For Tuyuc, the destruction around her became a call to action. She founded, and still heads, an increasingly high-profile organization of indigenous women whose husbands were among the tens of thousands of peasants killed or who disappeared during the brutal civil war.

While exiled Nobel peace laureate Rigoberta Menchu receives more international attention, Tuyuc slugs it out in the trenches in Guatemala, promoting the cause of indigenous rights and challenging the military at great personal risk. Within Guatemala, she has emerged as the country's most visible Mayan Indian activist.

Today Tuyuc and her organization, known as the Guatemalan National Widows Coordinator are taking up issues, such as forced military service, that place them squarely at odds with the army and the government of President Ramiro de Leon Carpio.

"There will be no change in Guatemala as long as the hand of the military is always behind things," Tuyuc said in a recent interview, sounding a theme that recurs through her many speeches and public demonstrations.

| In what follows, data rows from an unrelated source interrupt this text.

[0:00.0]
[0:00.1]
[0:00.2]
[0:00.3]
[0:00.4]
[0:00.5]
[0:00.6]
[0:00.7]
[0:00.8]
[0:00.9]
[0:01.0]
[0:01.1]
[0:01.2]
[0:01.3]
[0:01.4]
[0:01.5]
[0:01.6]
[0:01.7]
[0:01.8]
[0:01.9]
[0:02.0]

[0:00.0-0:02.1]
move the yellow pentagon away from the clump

The solemn-faced 36-year-old, who wears her dark hair in braids or wrapped in a long ponytail down her back, sat behind a desk at the widows committee office, housed in a drafty, nondescript building that is purposely not marked with a sign or other identification.

*

Last October, a list circulated with 21 names of people who were threatened with death if they did not abandon the country within 72 hours. Tuyuc headed the list. But the threat--not the first she's received--barely got a rise out of Tuyuc.

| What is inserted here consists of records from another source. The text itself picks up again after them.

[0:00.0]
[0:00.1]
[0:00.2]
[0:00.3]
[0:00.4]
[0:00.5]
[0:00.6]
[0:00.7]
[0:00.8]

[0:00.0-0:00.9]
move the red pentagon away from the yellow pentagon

"The threats are innumerable," she said casually. Then she added: "It is a despicable way to try to make us feel terrorized. They are trying to get us to stop making complaints and to stop our work. They will not succeed."

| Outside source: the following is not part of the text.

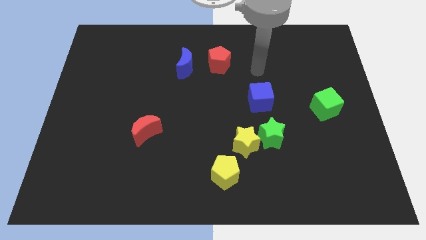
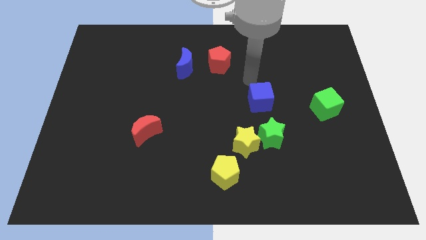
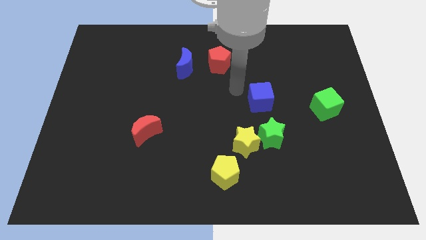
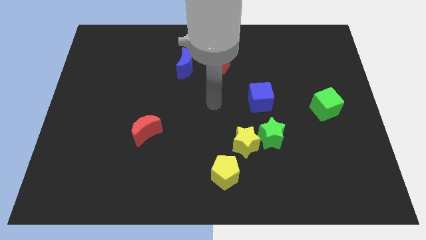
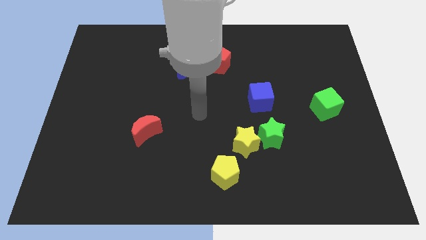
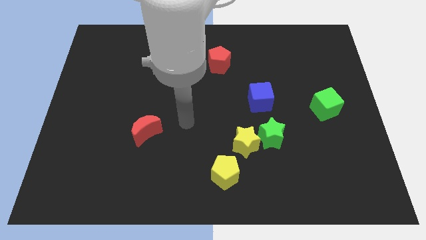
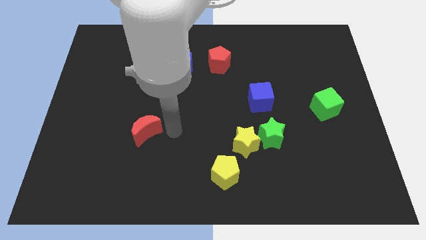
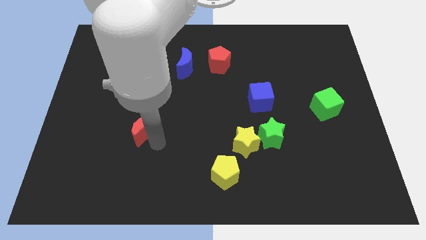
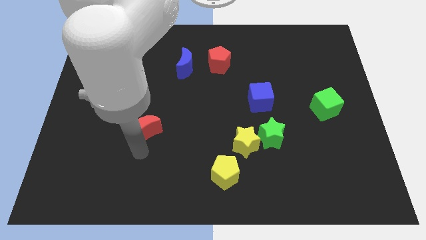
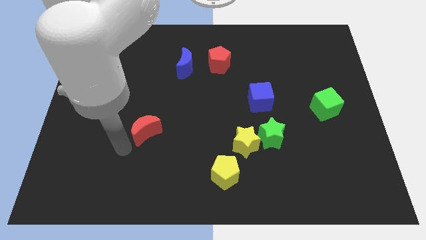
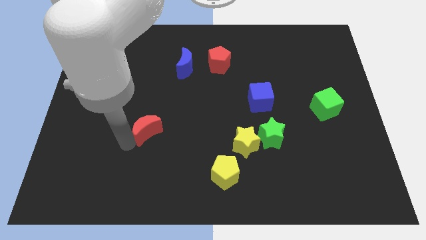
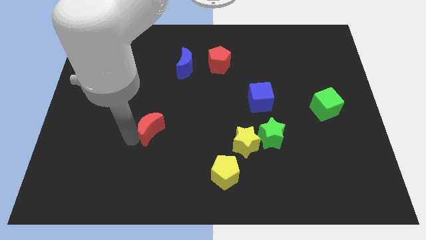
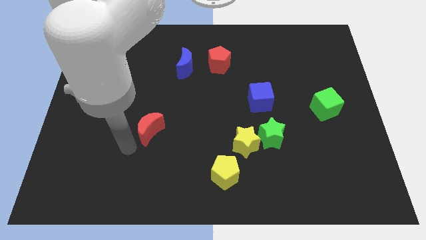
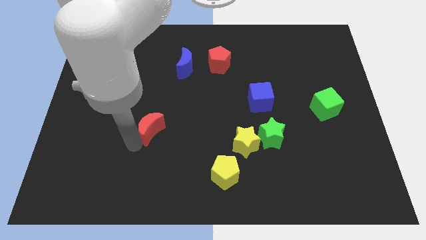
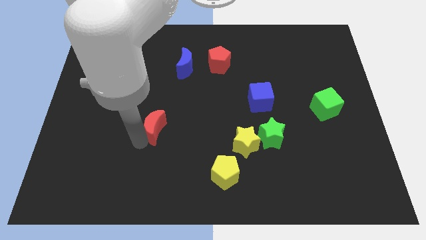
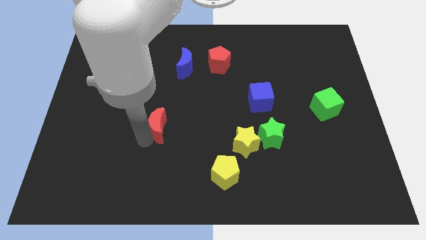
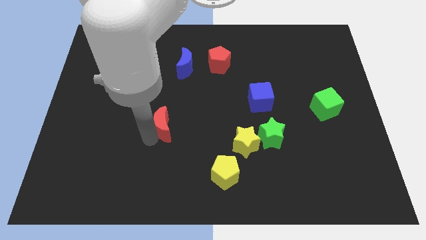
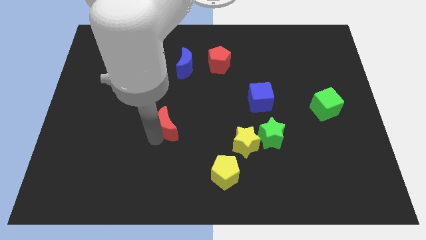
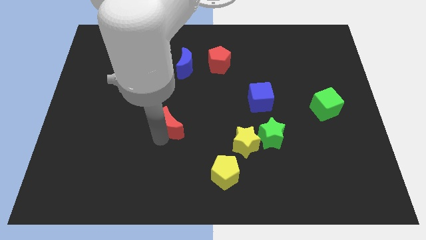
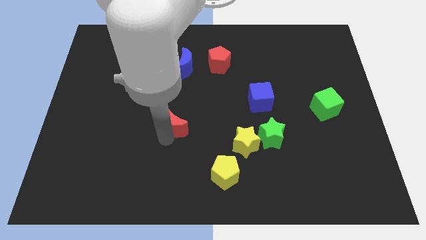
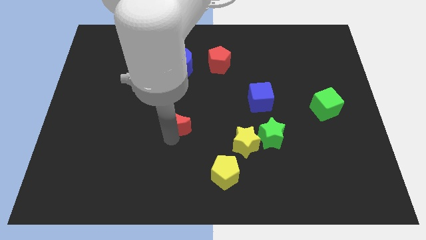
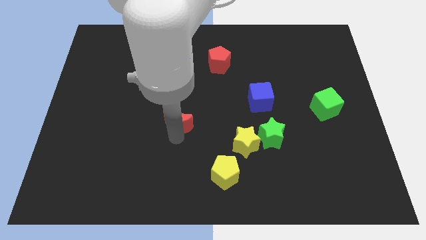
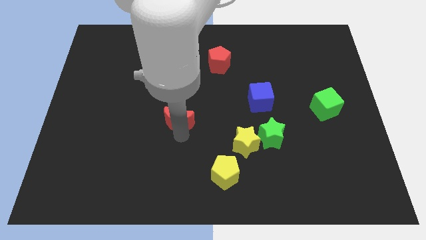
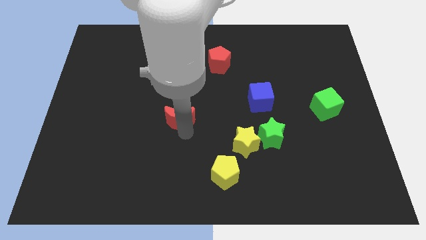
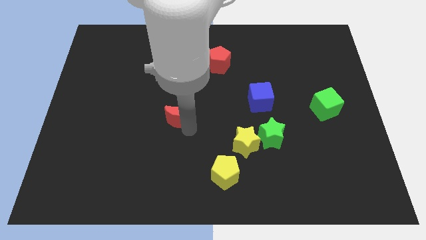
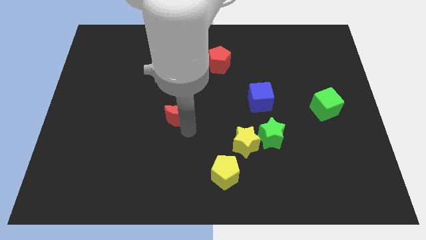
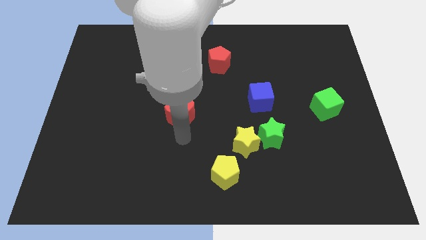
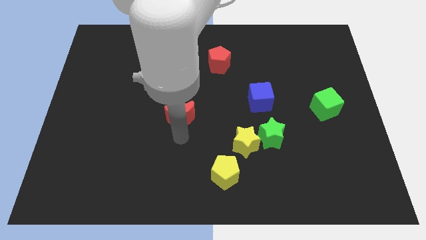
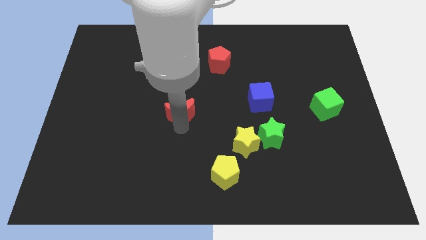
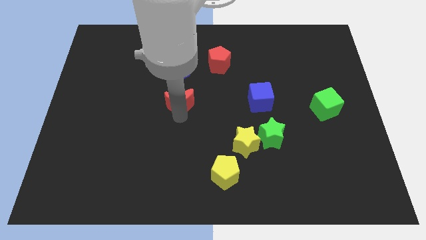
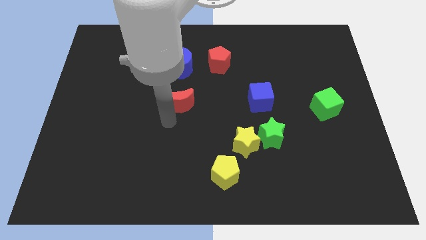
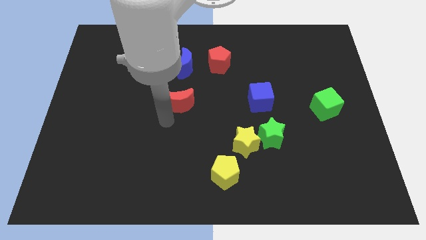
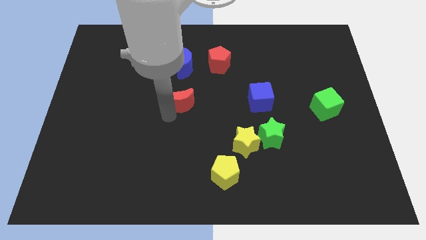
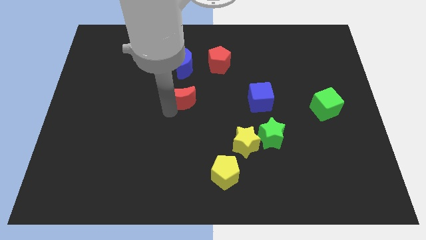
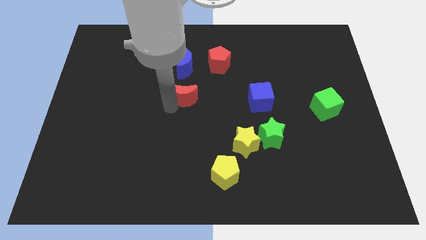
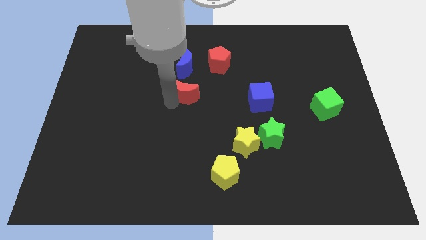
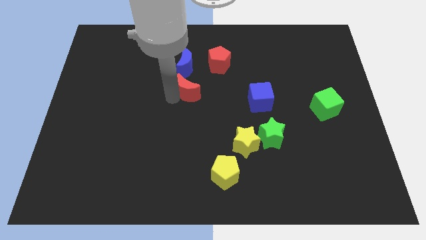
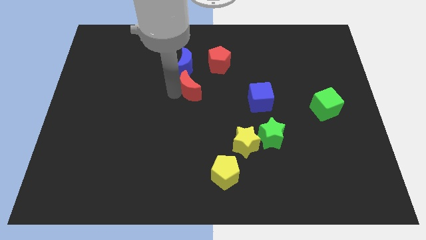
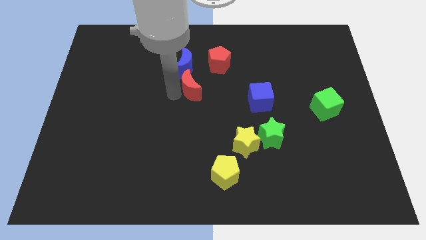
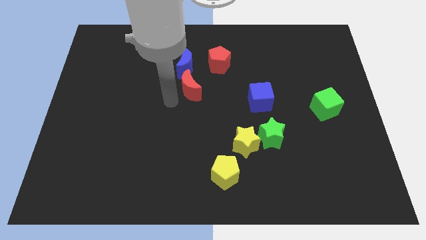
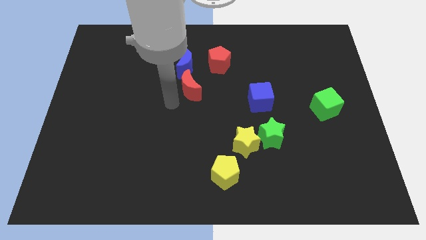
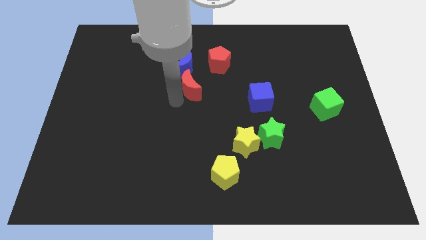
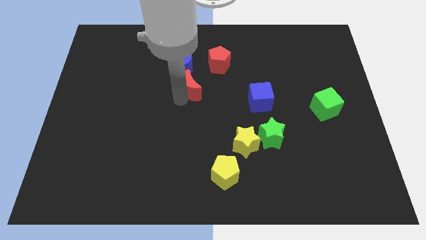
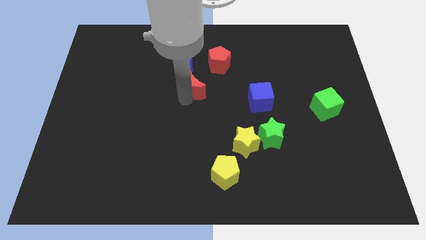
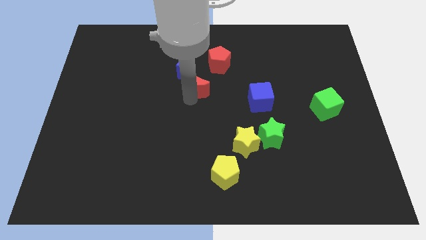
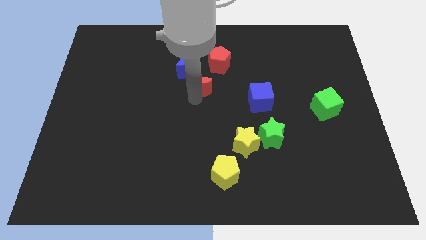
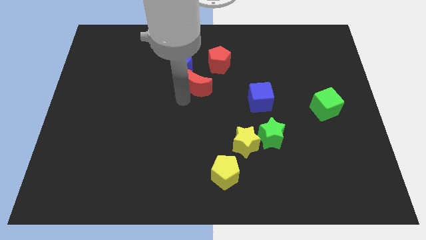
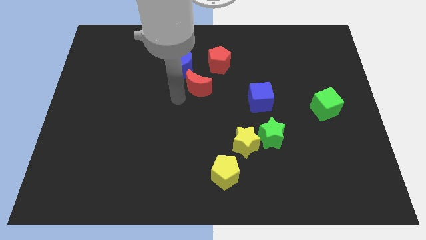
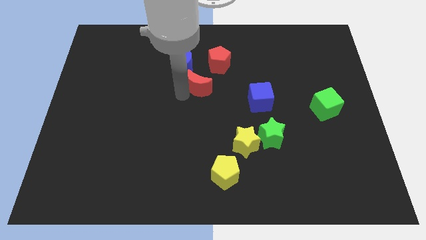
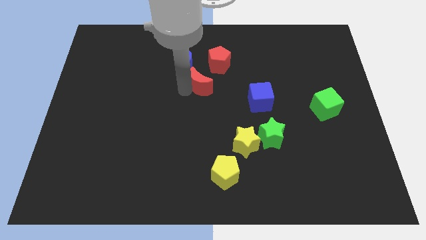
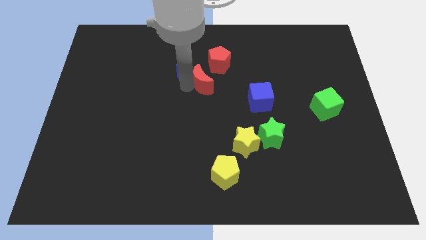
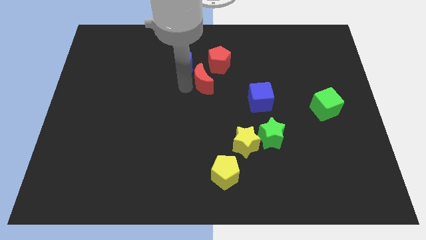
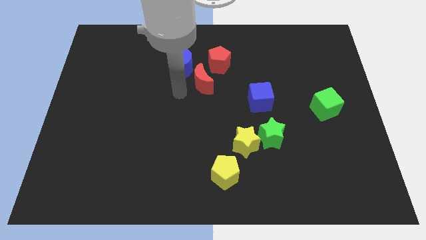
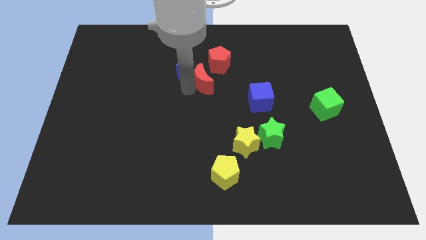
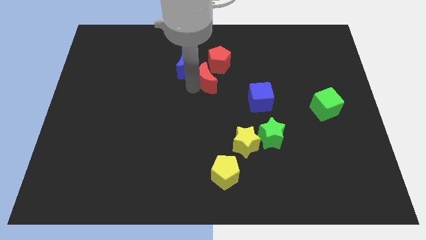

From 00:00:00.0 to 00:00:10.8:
move the red moon upwards and then to the right

The "they" is not articulated. But the Guatemalan army makes no secret about its opinions of Tuyuc and her followers. As far as the military and the right are concerned, Tuyuc is a leftist front for the guerrillas who have been fighting a civil war with Guatemalan governments for more than 30 years.

"That is the way they try to destroy us," Tuyuc said when asked about the labels she is given by her enemies. "First we are communists, then we are terrorists."

She denies ties to the guerrillas, although she and they clearly share some of the same positions, especially with regard to indigenous rights.

Up to 60% of Guatemala's nearly 10 million people are descendants of the ancient Mayas, yet deeply entrenched racism has denied Indians very much political power.

The war has claimed 100,000 lives, with some 40,000 people missing. Most of the dead and vanished are Indians.

A native speaker of Kakchiquel, one of the more than 20 Mayan dialects used in Guatemala, Tuyuc last year focused on two principal issues: forced military recruitment and the so-called Civilian Self-Defense Patrols, paramilitary organizations formed by the army to control villages and implicated over the years in serious human rights abuses.

The Guatemalan army has routinely pressed young Indian men into military service, often snatching them from their villages or rounding them up after church, at school or during festivals. White and Ladino (non-Indian) youth are rarely touched. Consequently, Tuyuc argues, military service is ultimately used to dilute the Indian culture.

"The sons of the farm owners, the sons of the middle-class, they are not forcibly pressed into service," Tuyuc said. "Only our sons are obligated . . . It is an affront to the very culture of our people. It plants terror from one's early youth, it prepares them for violence. They lose their cultural identity."

Rather than call for military service to be eliminated, Tuyuc and her organization have proposed an alternative plan. Service would be voluntary, young men would be allowed to serve nearer to their homes and villages, and those who are conscientious objectors would be allowed to perform community service instead.

Tuyuc led a march on Congress last August, and Enrique Guillen Funes--one of only six indigenous Congress members--agreed to sponsor a bill incorporating the reforms Tuyuc proposed. But since then, the bill has languished.

*

The army denies its recruitment policies are racist. Most of the officers corps is white or Ladino , while the vast majority of the troops are indigenous.